The tool uses a flaw in the modified MS08-067 patch Conficker deploys to shield infections from system administrators and guard against other cybercriminals attempting to exploit the Microsoft vulnerability. The researchers that designed the tool said the window of opportunity to run the scan could close quickly if Conficker's author updates the modified patch to correct the issue.

"We need to outrun the bad guys this time," Mogull said. "We have an opportunity but now we have to execute on that opportunity fairly quickly."

Until now, detecting Conficker was a time consuming process. Tools are available to detect the worm on individual machines.

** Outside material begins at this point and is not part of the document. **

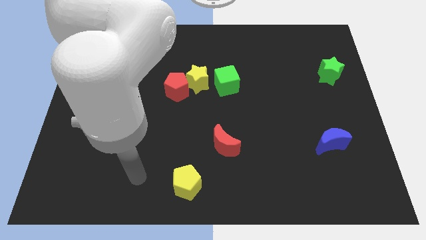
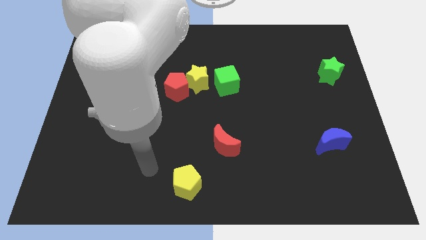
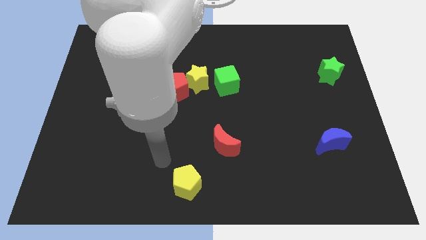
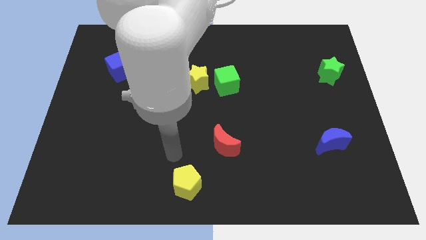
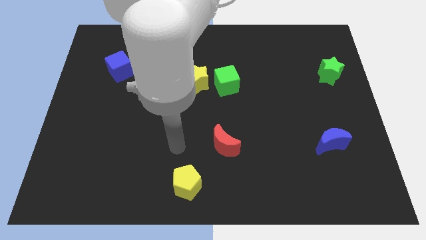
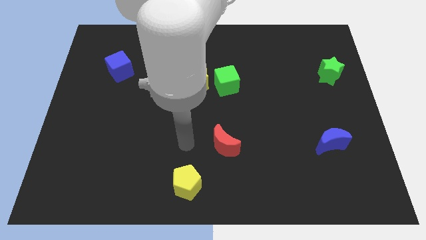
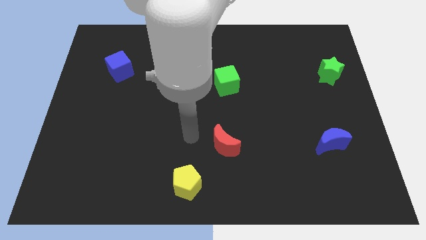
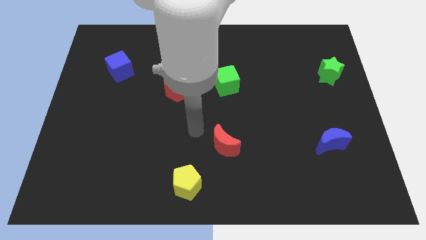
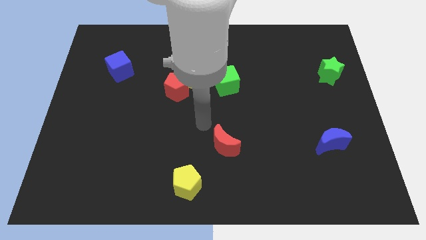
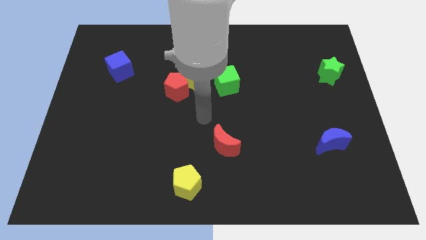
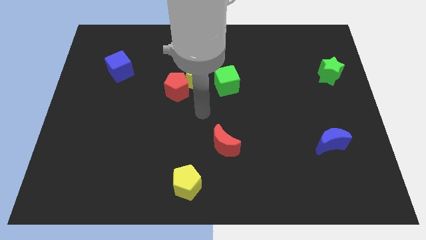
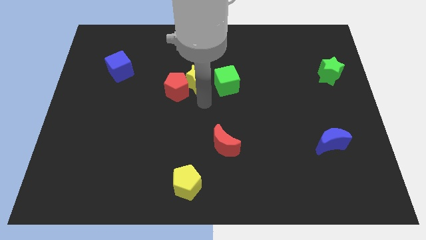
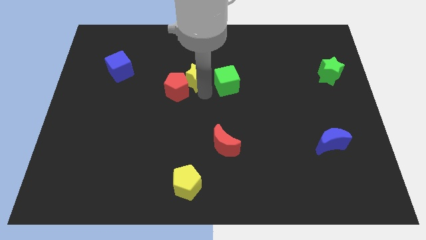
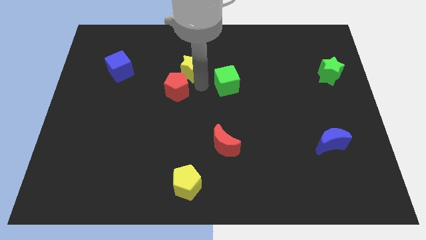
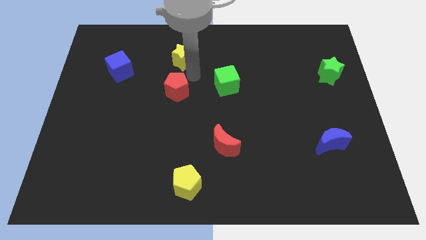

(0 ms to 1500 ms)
move the red pentagon away from the yellow star

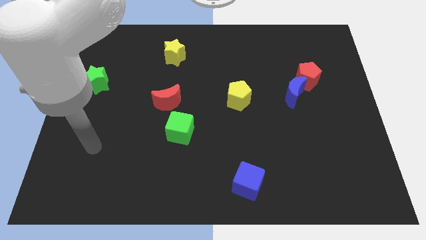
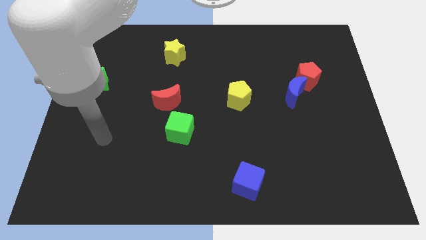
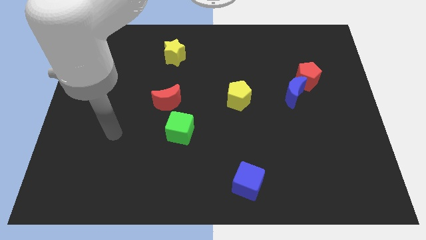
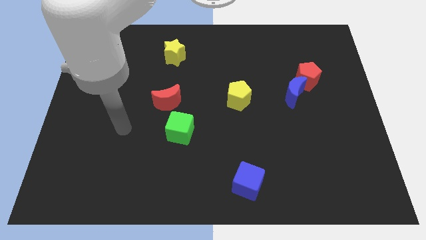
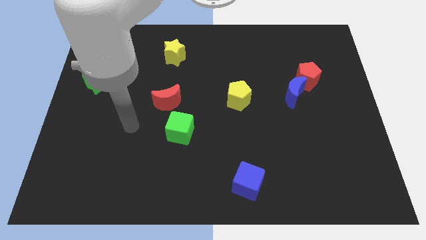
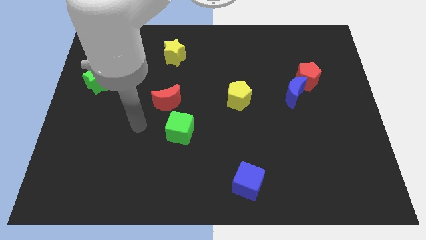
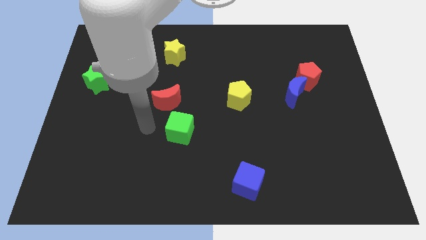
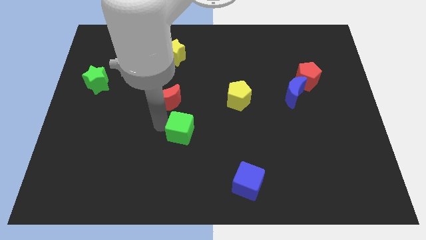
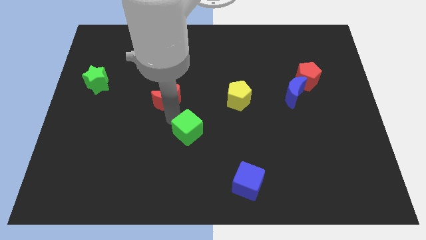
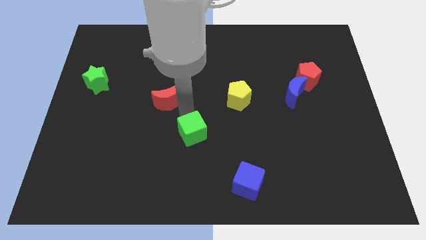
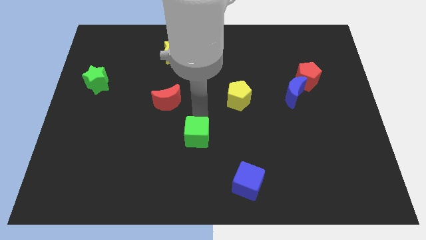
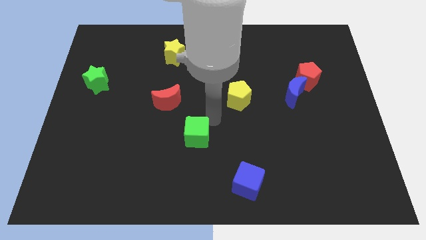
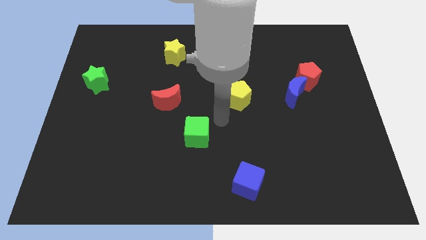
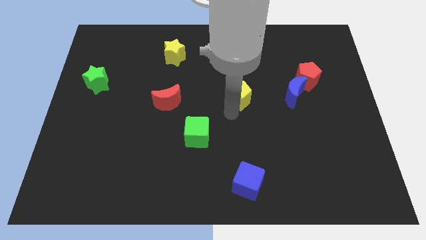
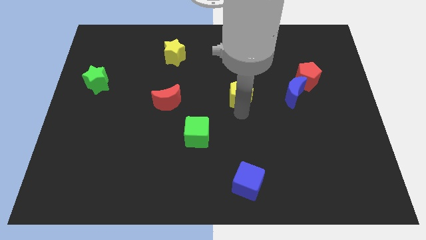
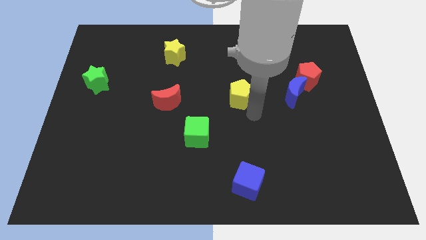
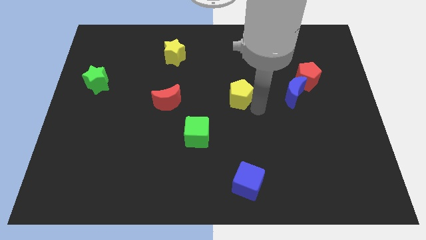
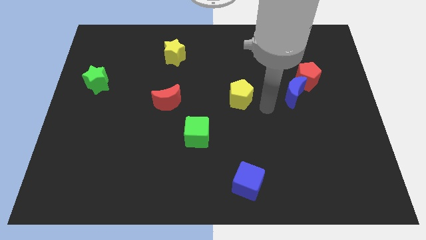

Mogull said the tool currently detects all Conficker variants and will be updated once feedback is received. An NAC vendor is also adding the feature to its product to detect infections on devices prior to connecting to the network, Mogull said.

The Conficker/Downadup worm started spreading in October, exploiting a Microsoft remote procedure call (RPC) zero-day vulnerability. Microsoft released an emergency out-of-band patch,but infections continued to spread globally reaching as many as 10 million machines at its peak.

Security experts are keeping their eye on the next iteration of Conficker/Downadup. Beginning April 1, the worm is expected to draw 500 domains from 50,000 domain names generated per day instead of 250 domains it selected with previous versions. It also has a peer-to-peer (P2P) mechanism to update other Conficker infected machines.